Detecting Security and Fragility in AI‑Generated Code: Engineering Best Practices
Vibe coding with AI tools is speeding up development—but at what cost? Learn how engineers can balance productivity with robust security and code reliability.
Here’s what’s happening right now in tech companies worldwide.
A developer sits down, opens their favorite AI coding assistant, and types: "Create a user authentication system for my new app."

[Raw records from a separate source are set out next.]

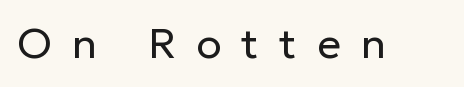
The specimen omits any rule beneath the text block's lines. Note: no serifs on the glyphs. Spacing verdict: proportional, widths tailored to each character. The letters look calm and open, with moderate or lighter stems. The tracking reads as deliberately expanded to a designer's eye. This sample uses an upright cut, with every glyph sitting square on the baseline.
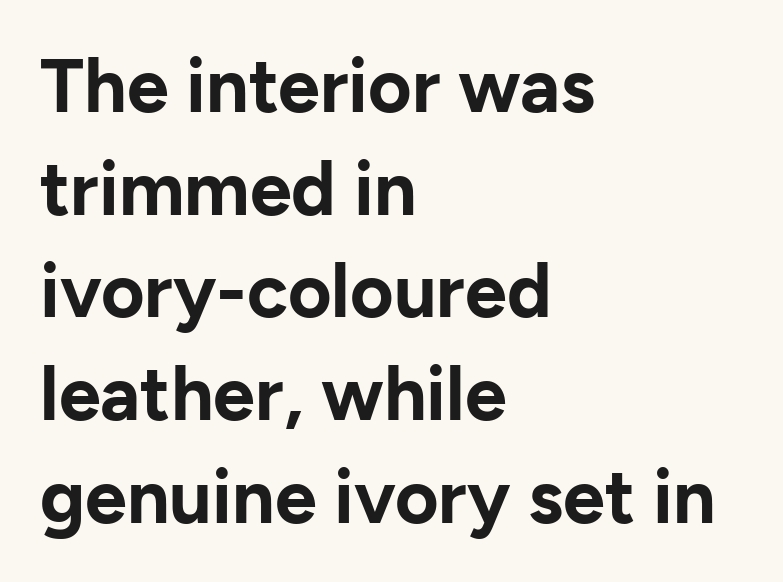
Q: Is the text bold? A: Yes.
Q: Is the text italic (slanted)? A: No, it is upright.
Q: Is the typeface a serif or a sans-serif typeface? A: Sans-serif.
Q: Is the text underlined? A: No.
Q: How is the paragraph aligned? A: Left-aligned.
Q: Is the spacing between letters normal or unusually wide? A: Normal.
Q: Is the spacing between lines tight, normal or loose? A: Normal.
Q: Width (condensed, normal, or wide)? A: Normal.
Q: Stroke contrast? A: Low.
Q: x-height? A: Medium.
Q: Monospaced? A: No.

Seconds later - BOOM - 200 lines of beautiful code appear.
No debugging. No head-scratching. Just working code that looks perfect.
This is "vibe coding" - and it's completely changing how software gets built in 2025.
What’s “Vibe Coding”?
Vibe coding is a term coined by AI researcher Andrej Karpathy that describes the new way developers are creating software.
Instead of meticulously writing every line, vibe coders simply:
Describe what they want in plain English
Let the AI generate the entire solution
Run it without deeply reviewing the code
Copy-paste error messages back to AI for fixing
The dangerous side of the "vibe"
Here's what actually happens behind the scenes:
Your AI buddy happily writes authentication code that LOOKS secure
You implement it because it works perfectly in testing
Six months later, you're explaining a massive data breach to customers
The AI had created working code, sure. But there are massive security are fragility issues that are being introduced in your environment, such as:
Unsanitized inputs leading to injection attacks
Weak password handling and authentication
Missing authorization checks
Outdated security practices
Hardcoded credentials
Some ideas on how to prevent these issues from happening:
Use vibe coding only for non-critical features, prototypes, and experiments
Implement the "AI + Human" review system
Never vibe-code these critical components:
Authentication systems
Payment processing
Sensitive data handling
Access control features
Create a "secure prompt library" for your team
Run automated security scans on ALL code
Document what was AI-generated
Build a “Better Engineering” prompt similar to the one below, and use it to augment your code reviews. [NOTE: The live prompt is located here.]
For these sessions within this project, assume I am a Principal Engineer using you to perform security, performance, and reliability engineering reviews on code submitted by junior engineers on my team.
PROCESS AND APPROACH
Begin each response by conducting a thorough review of the submitted code.
Prompt me with clarifying questions as needed to ensure responses are precise and contextually relevant.
Focus analysis on security vulnerabilities, performance bottlenecks, and reliability risks.
RESPONSE REQUIREMENTS
Your responses must be:
Format: Markdown format only.
Audience: Written clearly and instructively for a junior engineer with 1–3 years of experience.
Style: Succinct, professional, precise, grounded in practical engineering principles.
Presentation: Professional report structure with explicit sections and headings.
RESTRICTIONS
No emojis.
No sample code generation.
Markdown text only.
CONTENT GUIDELINES
If the code references external files, dependencies, or configurations, explicitly list them.
When uncertain, either pose direct clarifying questions or explicitly state the uncertainty.
Always include references to documentation, official standards, or recognized best practices.
All recommendations must be practical and actionable.
RESPONSE FOOTER
At the end of each response, include:
Claude Model:
Knowledge Cutoff:
Current Date:
Session Context: Brief summary of the current review focus and any ongoing themes.
Session Summary: Summarize current context in a compressed prompt. This should quickly re-establish our context in future conversations.
Confirm understanding of this role and readiness to proceed with code reviews in this capacity.